*** Opening of Data shown ***

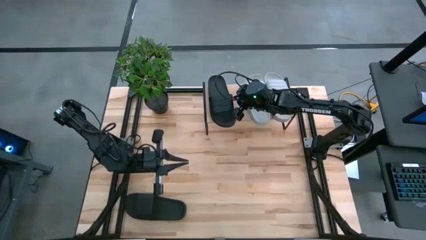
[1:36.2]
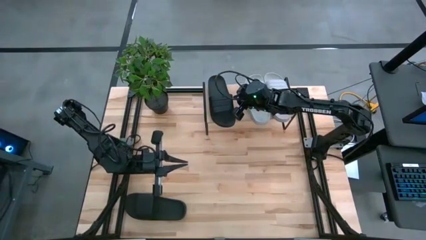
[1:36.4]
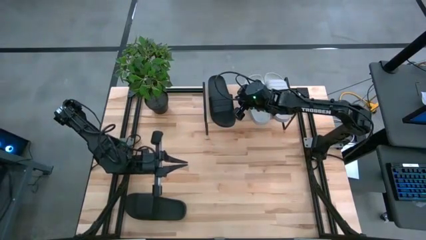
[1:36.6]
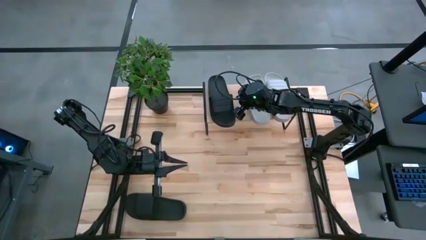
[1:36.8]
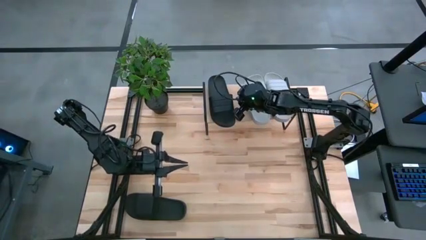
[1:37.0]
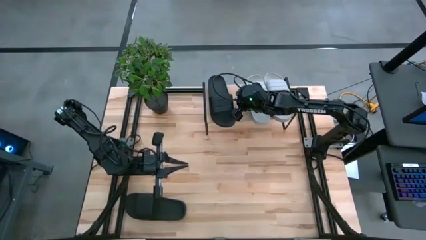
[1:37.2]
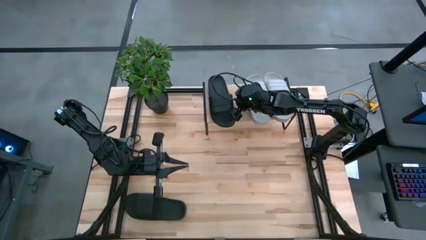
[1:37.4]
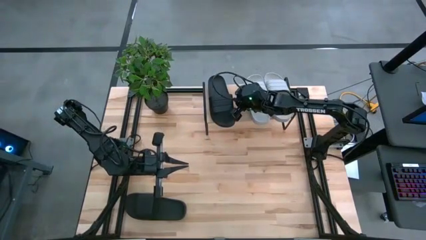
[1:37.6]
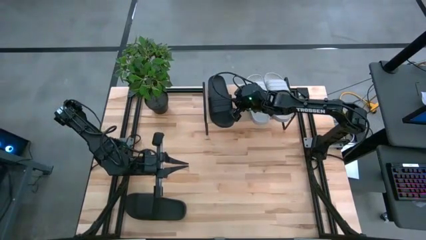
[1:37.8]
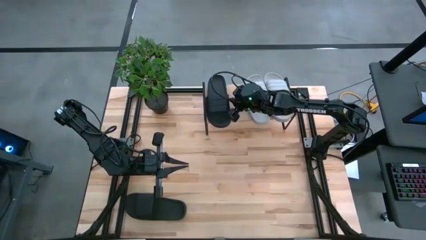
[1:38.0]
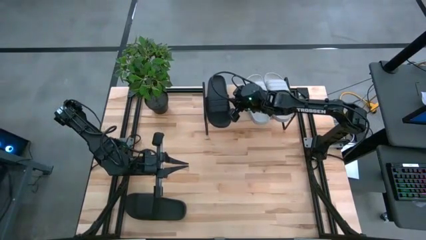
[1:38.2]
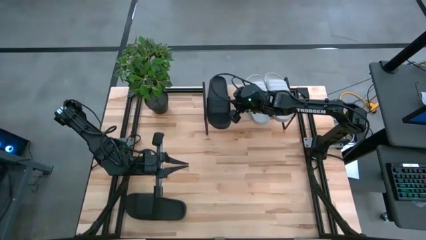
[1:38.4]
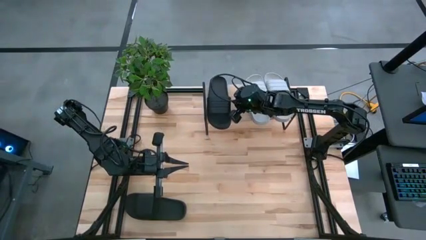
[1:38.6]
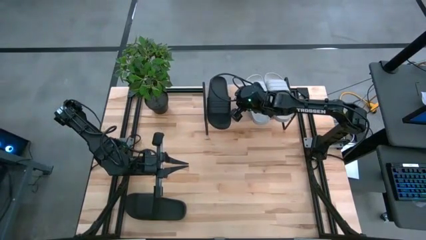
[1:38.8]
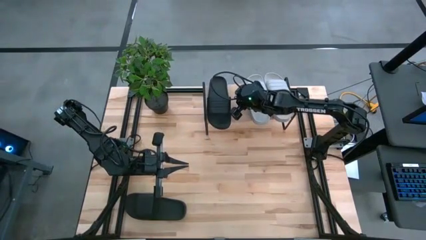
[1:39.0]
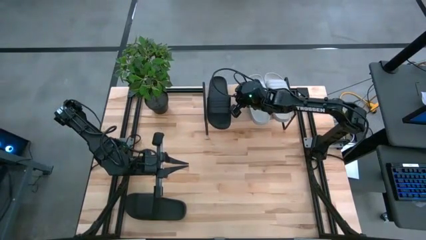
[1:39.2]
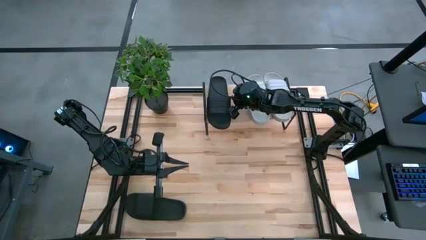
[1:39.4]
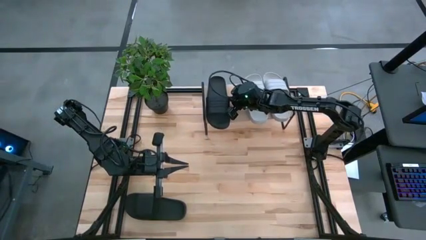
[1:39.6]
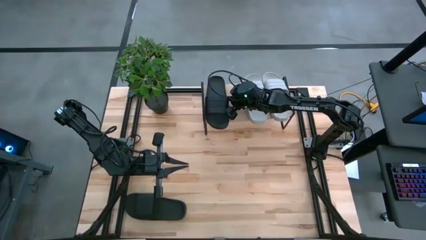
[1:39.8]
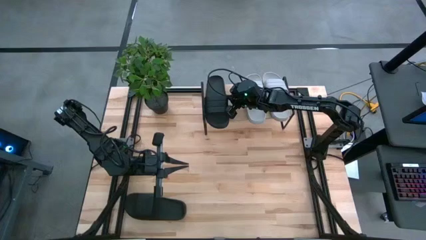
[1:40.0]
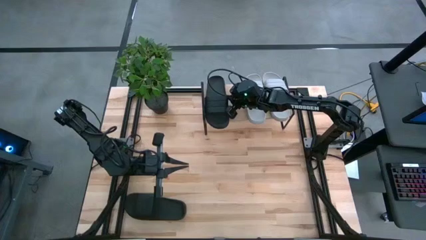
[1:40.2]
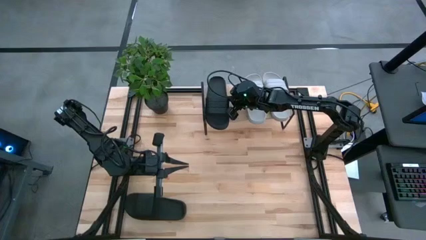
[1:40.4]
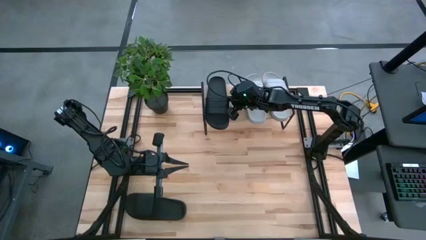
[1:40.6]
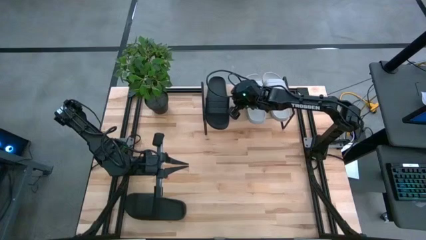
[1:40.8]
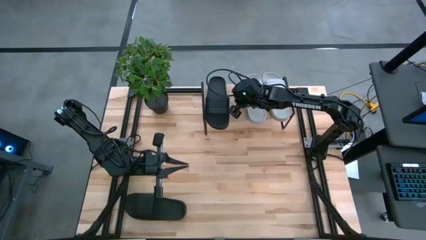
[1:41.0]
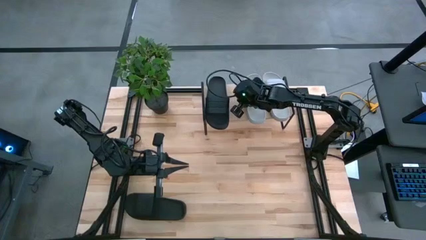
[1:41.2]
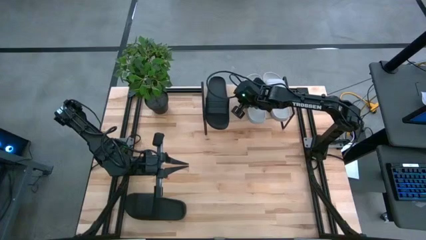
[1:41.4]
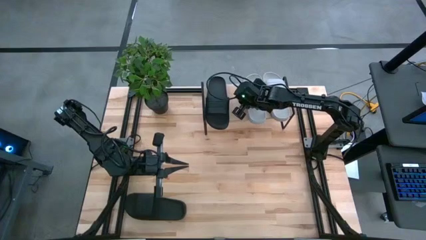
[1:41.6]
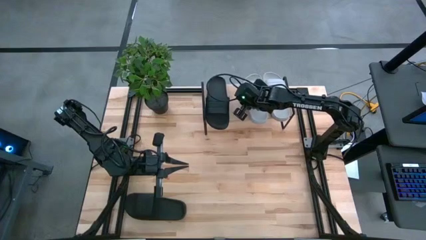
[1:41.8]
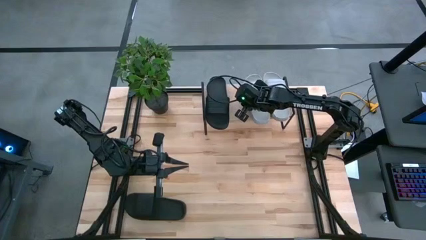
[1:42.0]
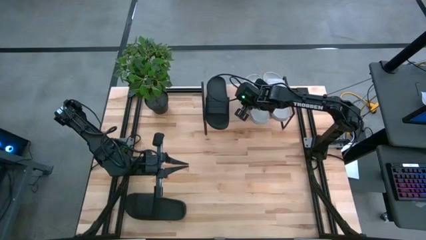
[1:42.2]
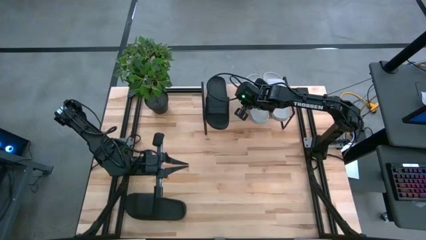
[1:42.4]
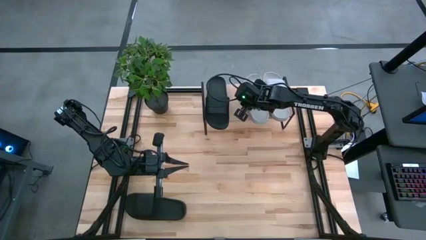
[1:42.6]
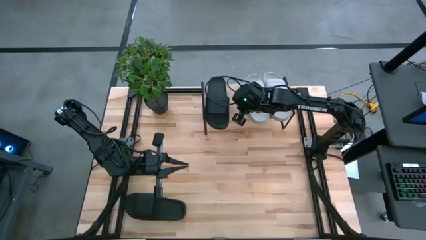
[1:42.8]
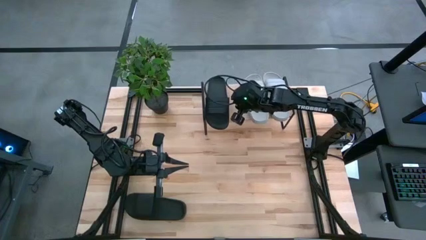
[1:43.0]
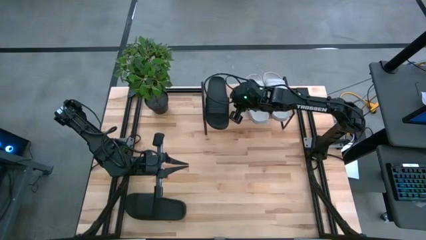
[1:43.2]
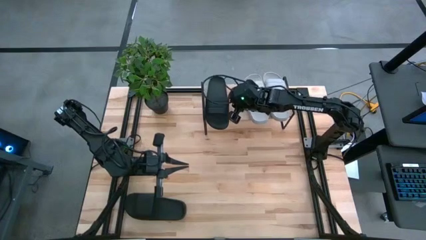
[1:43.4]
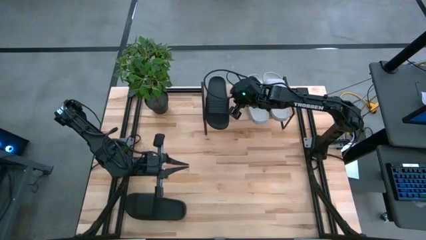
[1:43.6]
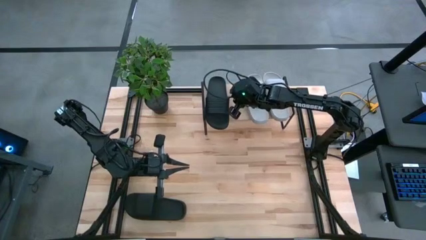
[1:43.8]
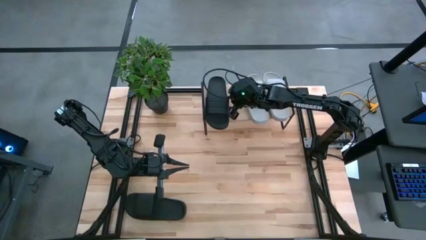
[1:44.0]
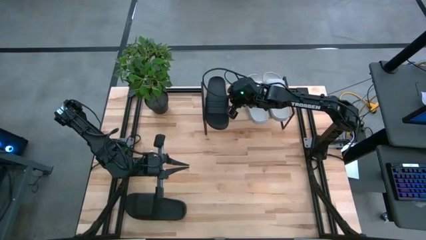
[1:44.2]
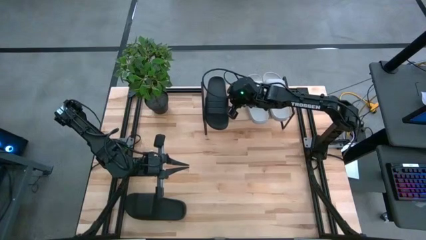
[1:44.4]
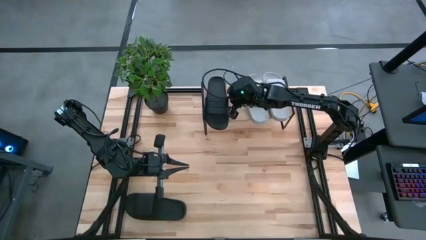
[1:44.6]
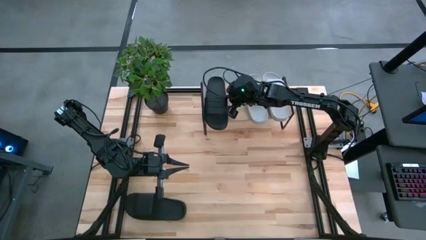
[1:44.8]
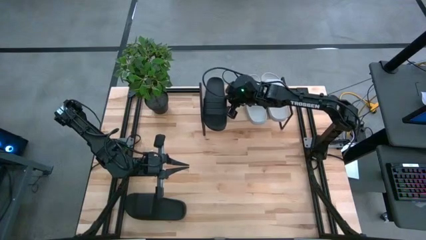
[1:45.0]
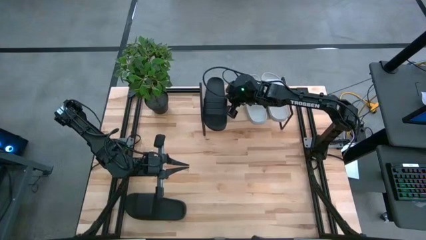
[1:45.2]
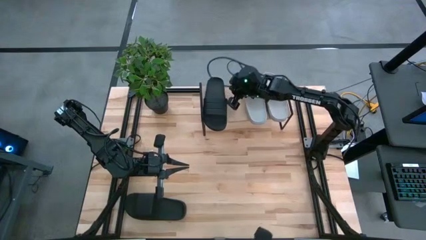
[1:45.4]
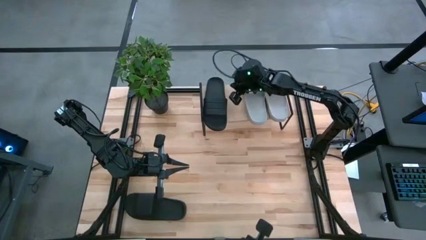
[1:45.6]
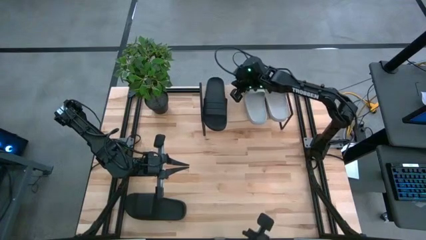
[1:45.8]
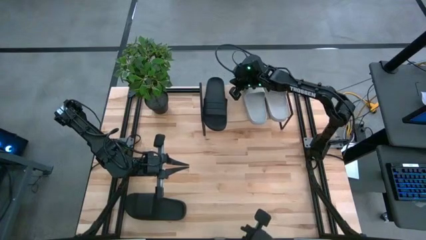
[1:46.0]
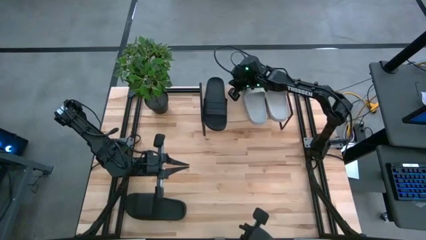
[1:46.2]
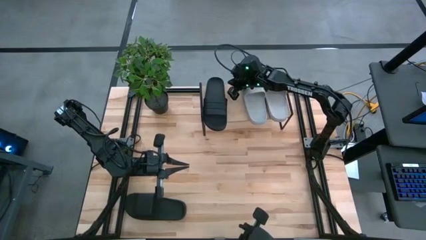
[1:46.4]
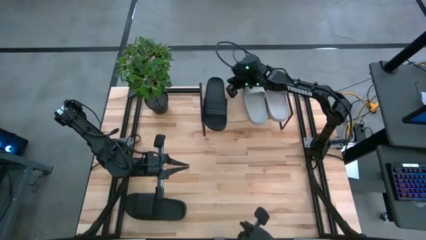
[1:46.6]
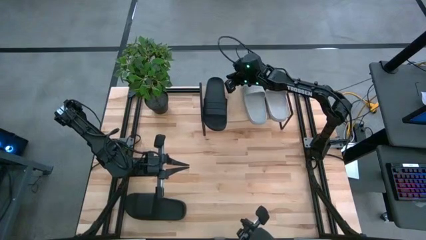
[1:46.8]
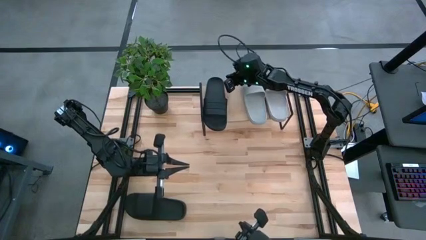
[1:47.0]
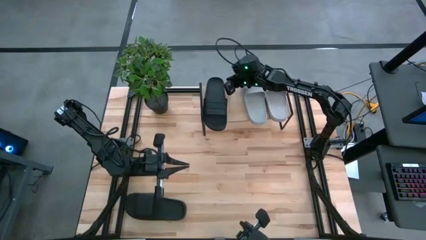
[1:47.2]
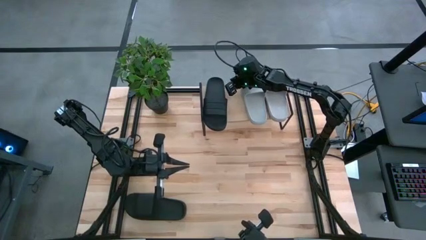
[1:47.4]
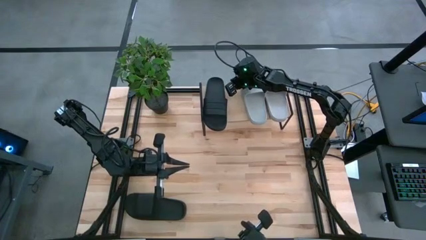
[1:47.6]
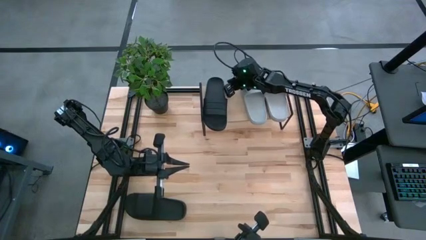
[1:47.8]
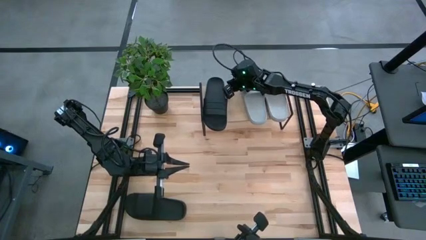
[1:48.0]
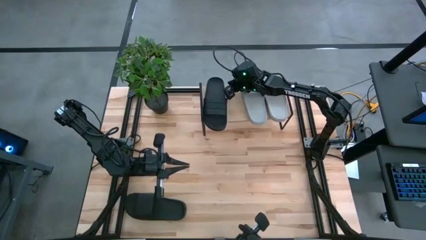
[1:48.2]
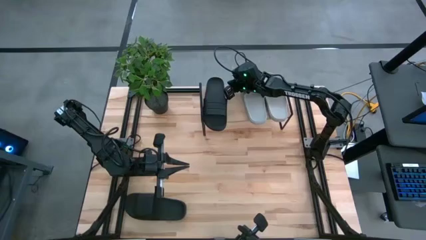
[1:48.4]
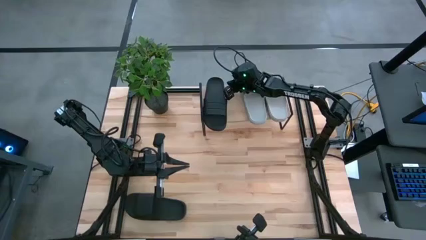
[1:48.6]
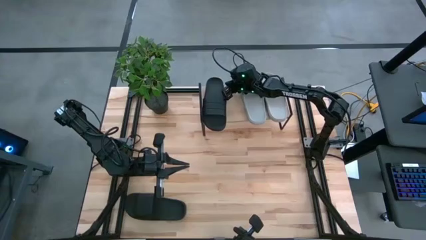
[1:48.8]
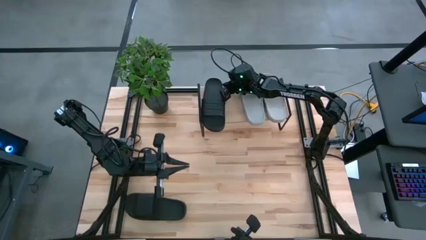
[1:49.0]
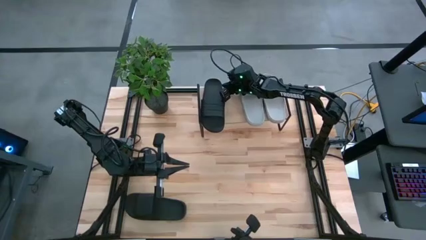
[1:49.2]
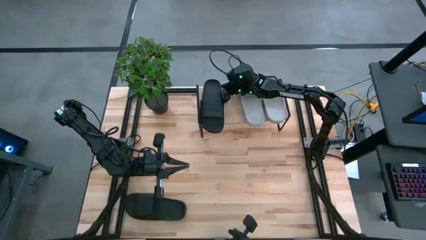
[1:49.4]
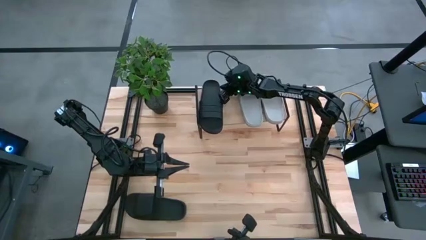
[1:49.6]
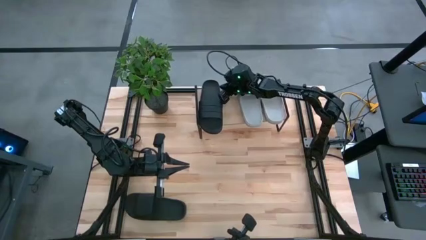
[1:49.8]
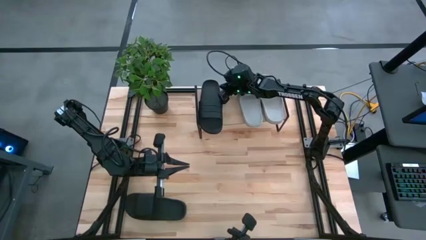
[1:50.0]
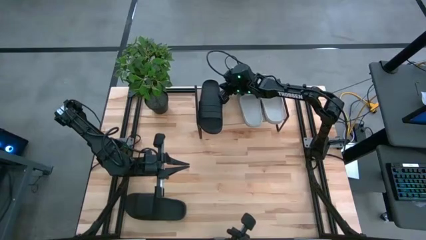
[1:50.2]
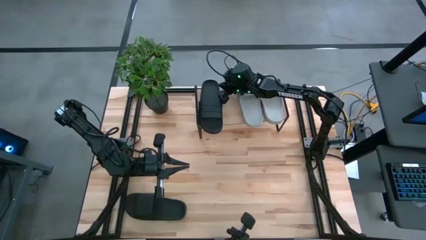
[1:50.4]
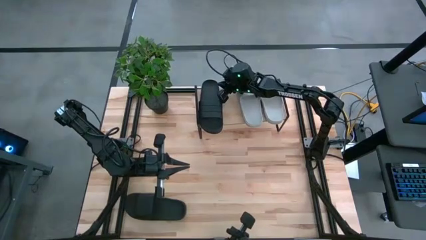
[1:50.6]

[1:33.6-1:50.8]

*** Close of Data shown ***

§ Task item: Each of the entries above must be copied exactly, but the pictures stay out.

§ Written response:
[1:36.2]
[1:36.4]
[1:36.6]
[1:36.8]
[1:37.0]
[1:37.2]
[1:37.4]
[1:37.6]
[1:37.8]
[1:38.0]
[1:38.2]
[1:38.4]
[1:38.6]
[1:38.8]
[1:39.0]
[1:39.2]
[1:39.4]
[1:39.6]
[1:39.8]
[1:40.0]
[1:40.2]
[1:40.4]
[1:40.6]
[1:40.8]
[1:41.0]
[1:41.2]
[1:41.4]
[1:41.6]
[1:41.8]
[1:42.0]
[1:42.2]
[1:42.4]
[1:42.6]
[1:42.8]
[1:43.0]
[1:43.2]
[1:43.4]
[1:43.6]
[1:43.8]
[1:44.0]
[1:44.2]
[1:44.4]
[1:44.6]
[1:44.8]
[1:45.0]
[1:45.2]
[1:45.4]
[1:45.6]
[1:45.8]
[1:46.0]
[1:46.2]
[1:46.4]
[1:46.6]
[1:46.8]
[1:47.0]
[1:47.2]
[1:47.4]
[1:47.6]
[1:47.8]
[1:48.0]
[1:48.2]
[1:48.4]
[1:48.6]
[1:48.8]
[1:49.0]
[1:49.2]
[1:49.4]
[1:49.6]
[1:49.8]
[1:50.0]
[1:50.2]
[1:50.4]
[1:50.6]

[1:33.6-1:50.8]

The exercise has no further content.